Las creencias, aquello que creemos firmemente y que forma parte de nuestro pensamiento habitual, son como farolillos que nos van guiando en nuestra vida. Creemos que ser demasiado confiados puede ponernos en una posición vulnerable o que si somos amables recibiremos a cambio el mismo trato, que todas las personas van a lo suyo o que somos negados para las matemáticas. Generamos creencias acerca de cualquier aspecto de nuestro mundo, tanto si se refiere a las cosas como a las personas, incluidos nosotros mismos. Como eso es lo que pensamos, actuamos según esa manera de pensar.

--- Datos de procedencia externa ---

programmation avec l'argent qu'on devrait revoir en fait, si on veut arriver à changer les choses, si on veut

Existen dos tipos de creencias, las que nos ayudan a crecer, a desarrollarnos y establecer buenas relaciones con nuestro entorno y las que nos producen el efecto contrario. Estas últimas, las creencias limitadoras, las que nos impiden hacer cosas o relacionarnos con cierto tipo de personas, nos privan de la posibilidad de adquirir conocimiento nuevo, de experimentar o de descubrir. Como sé que soy torpe no trato de mejorar mi ejecución porque ni siquiera me cuestiono tal creencia, la doy por buena y actúo como si eso fuera cierto. Cómo sé que todo el mundo te la acaba jugando ya no intento confiar en alguien porque mi creencia no cuestionada me impide experimentar por mí misma la posibilidad de poder fiarme de otro.

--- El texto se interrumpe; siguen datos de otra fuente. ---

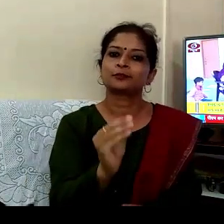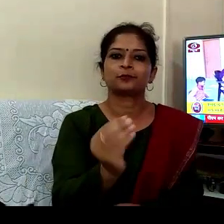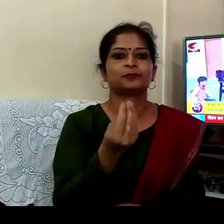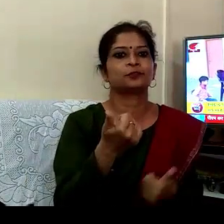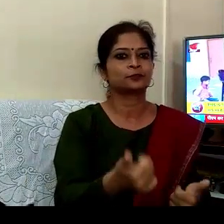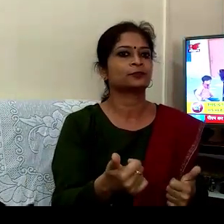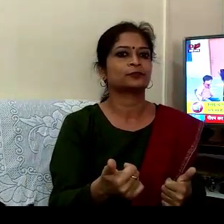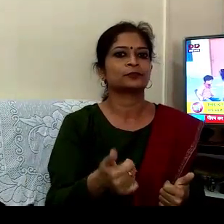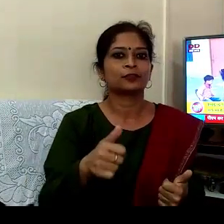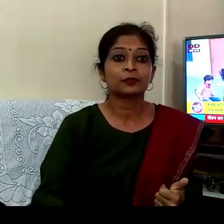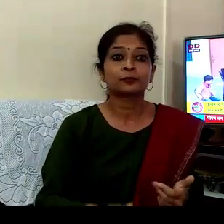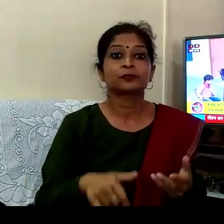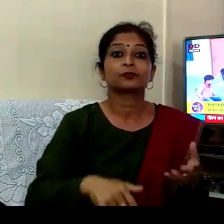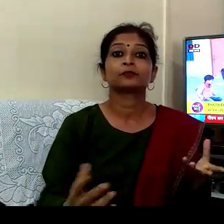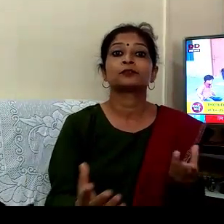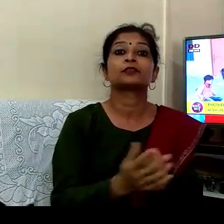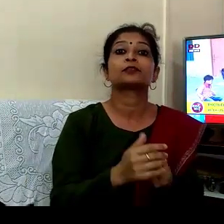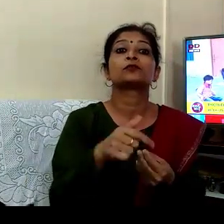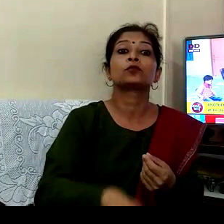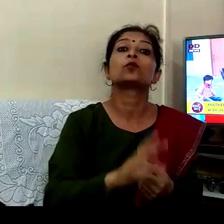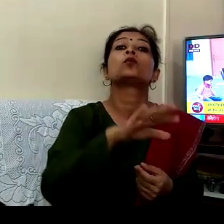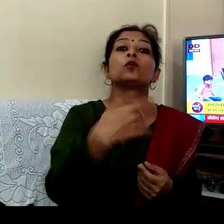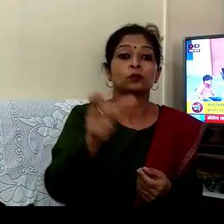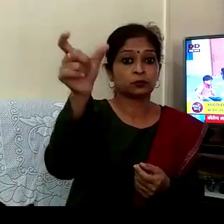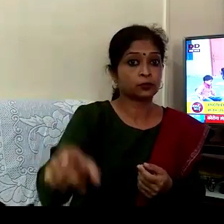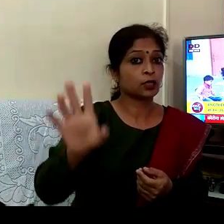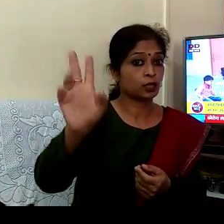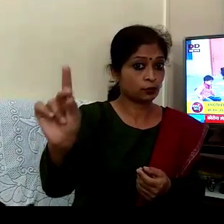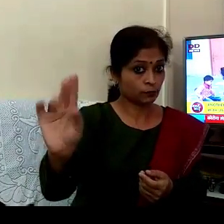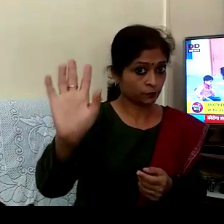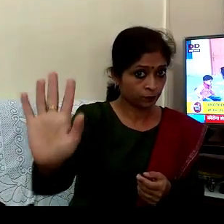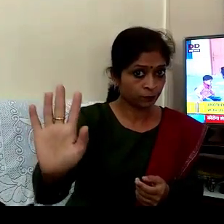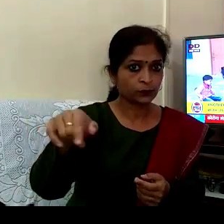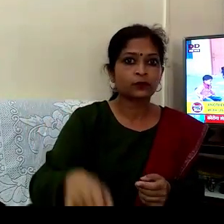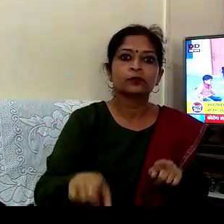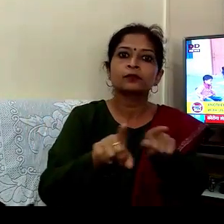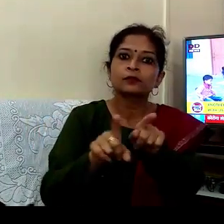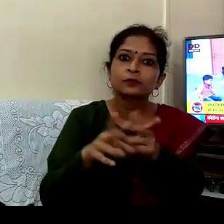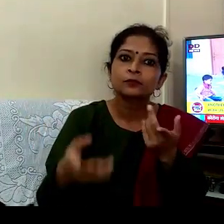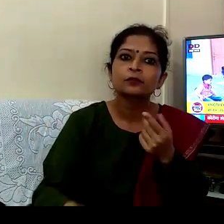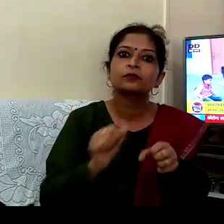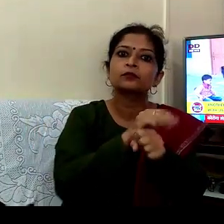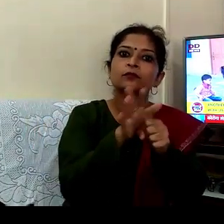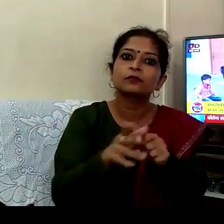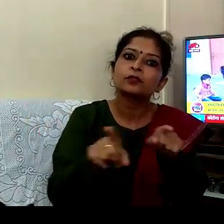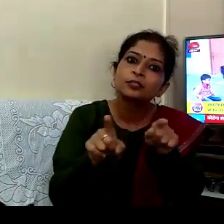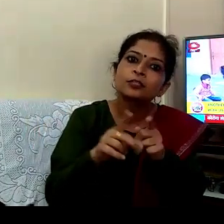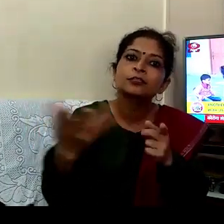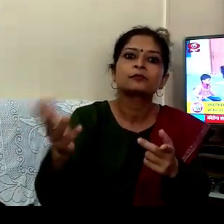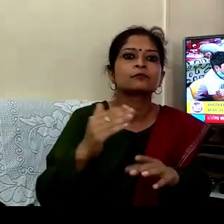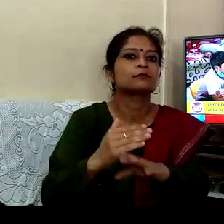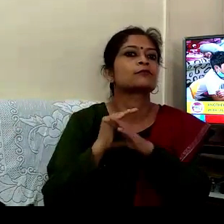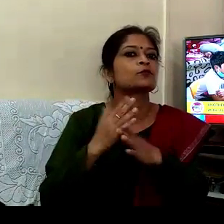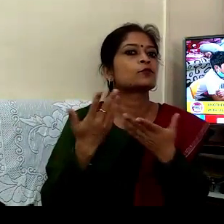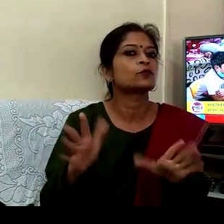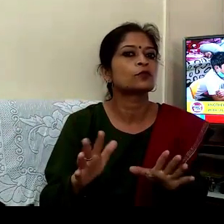رہے ہیں ہمارے ساتھ ایسے ہی ایک اور ساتھی جڑے ہیں جنہوں نے کرونا کو پراجد کیا ہے

Las creencias se van estableciendo a lo largo de los años. Las adquirimos a través de la familia, de los amigos, de la escuela o de los medios de comunicación. Crecemos con ellas y las alimentamos para que arraiguen con fuerza. Si un día, por alguna razón, nos paramos y empezamos a pensar cuál es su origen, o si en algún momento nos cuestionamos su razón de ser, puede que nos llevemos la gran sorpresa de ver que no hay nada que las sostenga, que incluso muchas de las cosas que nos han pasado en la vida las contradicen sin que nos hayamos dado cuenta de ello.
Las creencias que nos limitan tienden a ser generalizadoras, abarcan a todo el mundo, a toda la gente, a todas las cosas…, son blancas o negras, sin matices, son de extremos, sin niveles. Nos hacen pensar mal de nosotros mismos y de los otros, nos ponen trampas y caemos en ellas dándolas por buenas. Debemos aprender a cuestionarnos las creencias que nos limitan, a someterlas a evidencia y a constatar que realmente se sostienen y si no es así a hacernos conscientes de que podemos cambiarlas y , con ese cambio, a mejorar nuestra vida.